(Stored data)

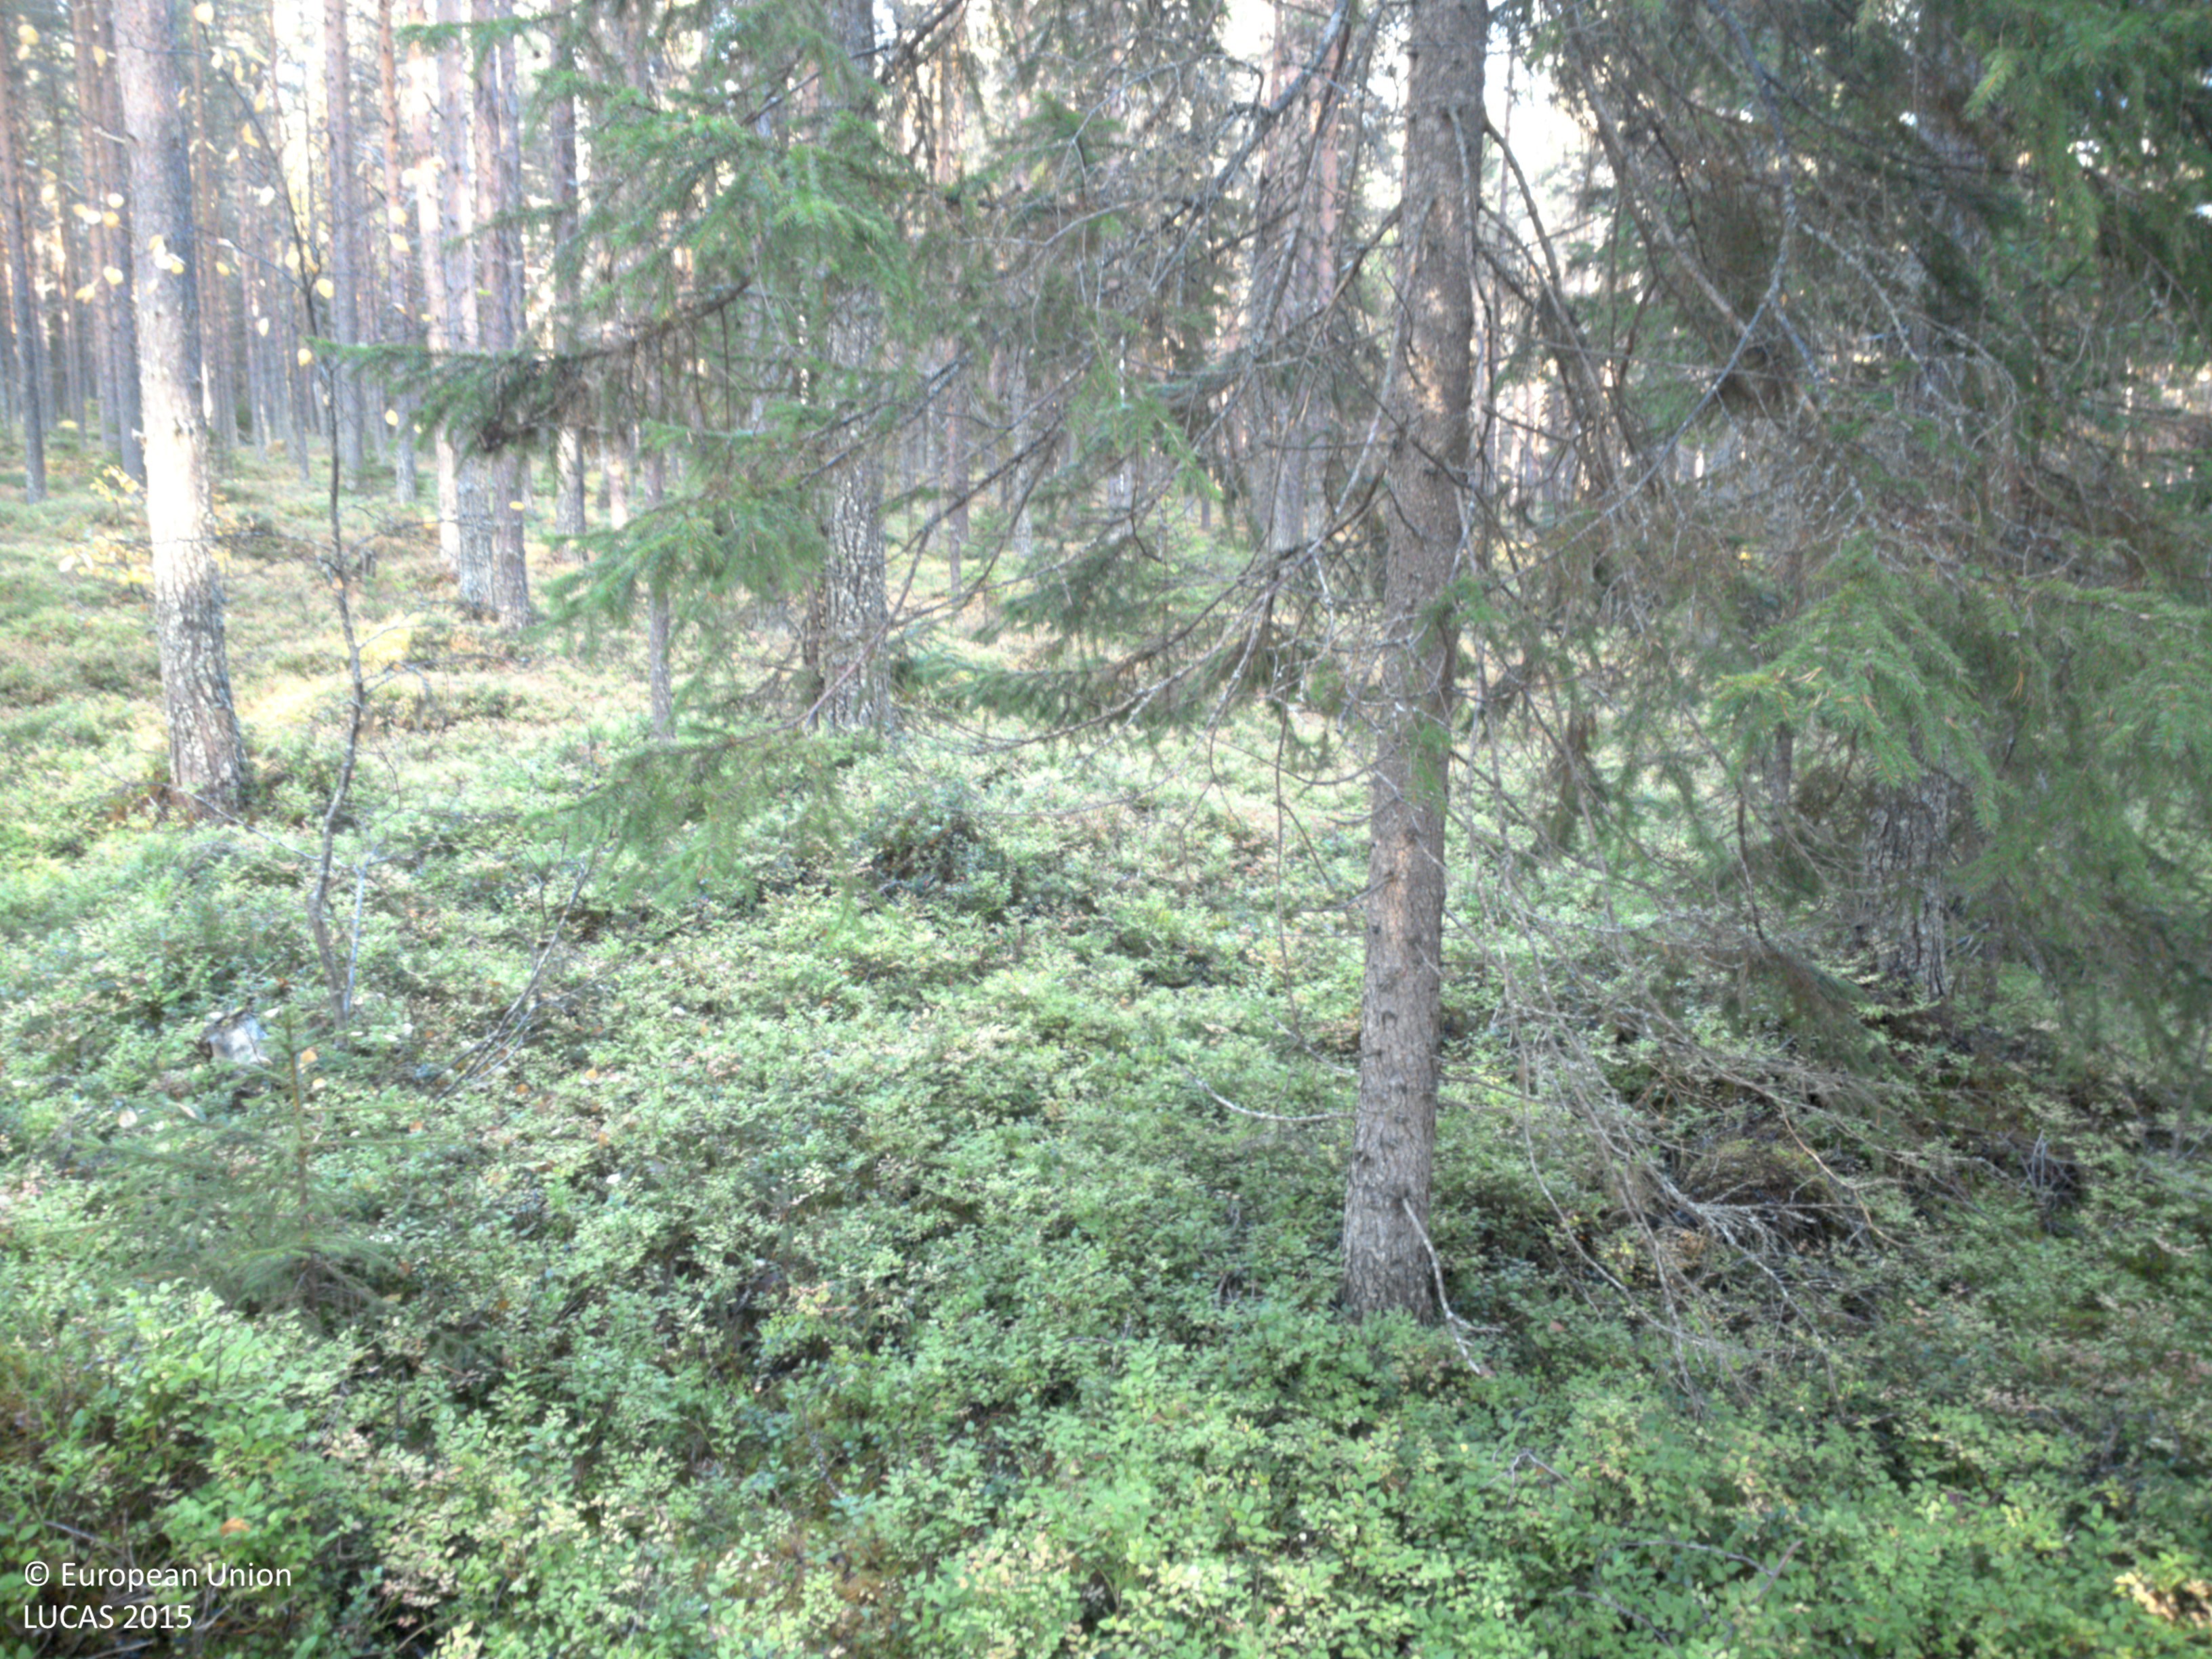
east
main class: Woodland
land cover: Other coniferous woodland
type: boreal forest
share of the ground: > 75 %
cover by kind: coniferous forest trees 70 %, shrubs 25 %, broadleaved forest trees 5 %
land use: Forestry
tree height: > 5 m
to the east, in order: Other coniferous woodland; Pine dominated coniferous woodland; Electric lines; Pine dominated coniferous woodland; Tracks; Other coniferous woodland; Ditches and canals; Other mixed woodland; Pine dominated coniferous woodland
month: September
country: SE
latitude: 64.8109
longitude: 19.0854

| PROBLEM DESCRIPTION |
Only the lines above that include the word "coniferous" belong in the answer; copy each one.

| WRITTEN RESPONSE |
land cover: Other coniferous woodland
cover by kind: coniferous forest trees 70 %, shrubs 25 %, broadleaved forest trees 5 %
to the east, in order: Other coniferous woodland; Pine dominated coniferous woodland; Electric lines; Pine dominated coniferous woodland; Tracks; Other coniferous woodland; Ditches and canals; Other mixed woodland; Pine dominated coniferous woodland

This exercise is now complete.